Monday, September 10, 2007

Mother and Child





I was very glad to get Giang Dinh’s “Mother and Child” for the Tikotin show, and glad too, that by independent decision this image appears on the catalog’s front cover and on the invitation card. For it nicely represents the guiding thought of this show: that origami can sometimes be an art, as high as any of the traditional arts. Mere modesty & self-restraint keep me from saying there are even heights of artistic expression which origami can reach that are not possible in other media of sculpture. (Of course origami has its limitations too.)

If one asks why that is, here—what makes this work art and great art at that—there are some obvious points to start with. Immediately noticeable are the clean modern lines, the long curves and fluid surfaces. Also the work has a manifest simplicity: while there are certainly areas where it is not easy to guess how the thing is folded, the bulk of it, and the main inversion at the bottom, is perfectly obvious and followable by the eye; there are no tricks, what is achieved is achieved without technical sophistication, which is unnecessary and has no place here. Then too, there is a concept expressed: the shy child peering out of its mother’s protective skirts. This is not one of the common variants of the mother & child theme in sculpture, but is closely enough related to them, and on reflection is better expressed in folded paper and in this form of fold than it would be in pretty much any other way. The genetic relation between the figures is signaled both by a repetition of form and the physical continuity of the paper, simple but deep ideas that one recognizes with instant delight.

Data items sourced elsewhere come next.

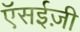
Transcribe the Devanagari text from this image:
ऍसईज़ी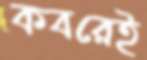
কবরেই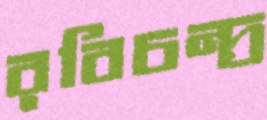
রবিচন্দ্র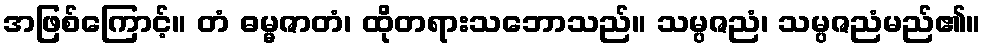
အဖြစ်ကြောင့်။ တံ ဓမ္မဇာတံ၊ ထိုတရားသဘောသည်။ သမ္ပဇညံ၊ သမ္ပဇညံမည်၏။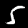
Label: 5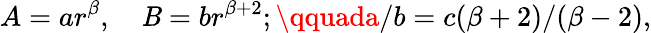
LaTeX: A=ar^{\beta},\quad\mathit{B}=br^{\beta+2};\qquada/b=c(\beta+2)/(\beta-2),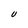
Character: U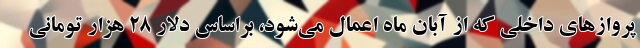
پروازهای داخلی که از آبان ماه اعمال می‌شود، براساس دلار ۲۸ هزار تومانی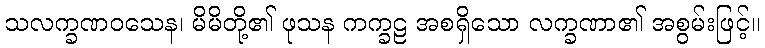
သလက္ခဏဝသေန၊ မိမိတို့၏ ဖုသန ကက္ခဠ အစရှိသော လက္ခဏာ၏ အစွမ်းဖြင့်။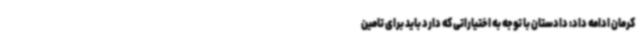
کرمان ادامه داد: دادستان با توجه به اختیاراتی که دارد باید برای تامین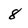
Character: 8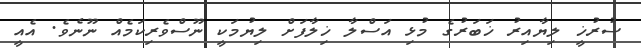
ސުރުޚީ ލިޔާއިރު ޚަބަރުގެ މުޅި އަސްލާ ޚިލާފަށް ލިޔުމަކީ ނޫސްވެރިކަމެއް ނޫނެވެ. އެއީ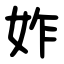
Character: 妰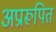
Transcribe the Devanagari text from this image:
अप्रारूपित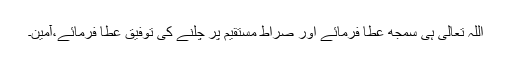
اللہ تعالی ہی سمجھ عطا فرمائے اور صراطِ مستقیم پر چلنے کی توفیق عطا فرمائے،آمین۔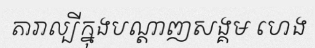
តារាល្បីក្នុងបណ្តាញសង្គម ហេង
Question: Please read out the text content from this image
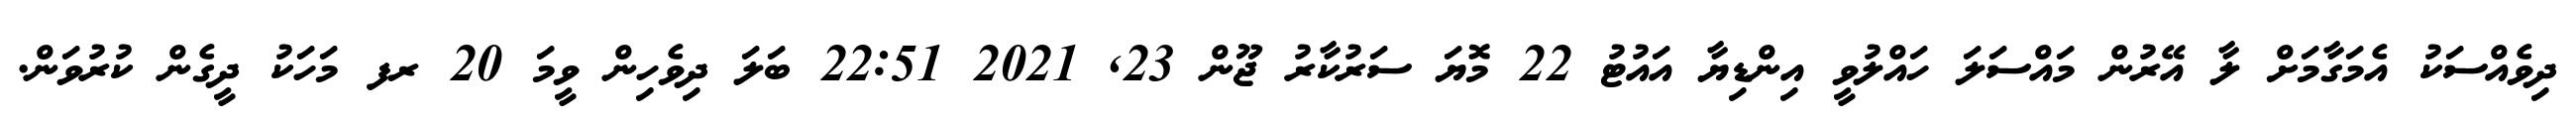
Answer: ދިވެއްސަކު އެމަގާމަށް ލާ އޭރުން މައްސަލަ ހައްލުވީ އިންޑިޔާ އައުޓު 22 މޮޔަ ސަރުކާރު ޖޫން 23, 2021 22:51 ބަލަ ދިވެހިން ވީމަ 20 ރފ މަހަކު ދީގެން ކުރުވަން.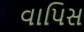
વાપિસ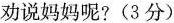
劝说妈妈呢?(3分)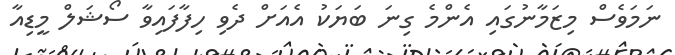
ނަމަވެސް މިޒަމާނުގައި އެންމެ ގިނަ ބަޔަކު އެއަށް ދެވި ހިފާފައިވާ ސޯޝަލް މީޑިއާ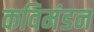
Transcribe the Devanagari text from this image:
कविमंडन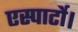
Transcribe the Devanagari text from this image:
एस्पार्टो।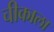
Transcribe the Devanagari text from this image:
चीकाला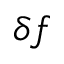
\delta f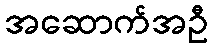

In the dim recesses of history out of which origami sprang, 800, 1,000, 1,200 years ago—in the rituals of the Shinto religion—paper, white paper, was associated with purification; and folded (and cut) ceremonial representations of humans and deities began to emerge, with folded animals soon to follow. This figural work of Giang Dinh’s has an aspect of purification too, in its whiteness and smooth contours. And it is also religious in its way, though the religion seems more a sort of Christianity; there is the protective mother and child theme itself; and the innocence of the child expressed in its shyness; and the drama of the vaguely nun-like robes. That drama and the odd externality of it—mystery expressed through concealment, enrobement; individuality scaled back to just a face and a gesture—also has associations with the traditional stage performances of Southeast Asia, a fact far more explicit in the other work by Giang Dinh in this show, his series “The Dance”. But it is “Mother and Child” which brings together tradition with modernity, ideas of origin and purity and innocence with replication and continuity, and a new fusion of East and West in a single lithe, iconic package. I take my hat off.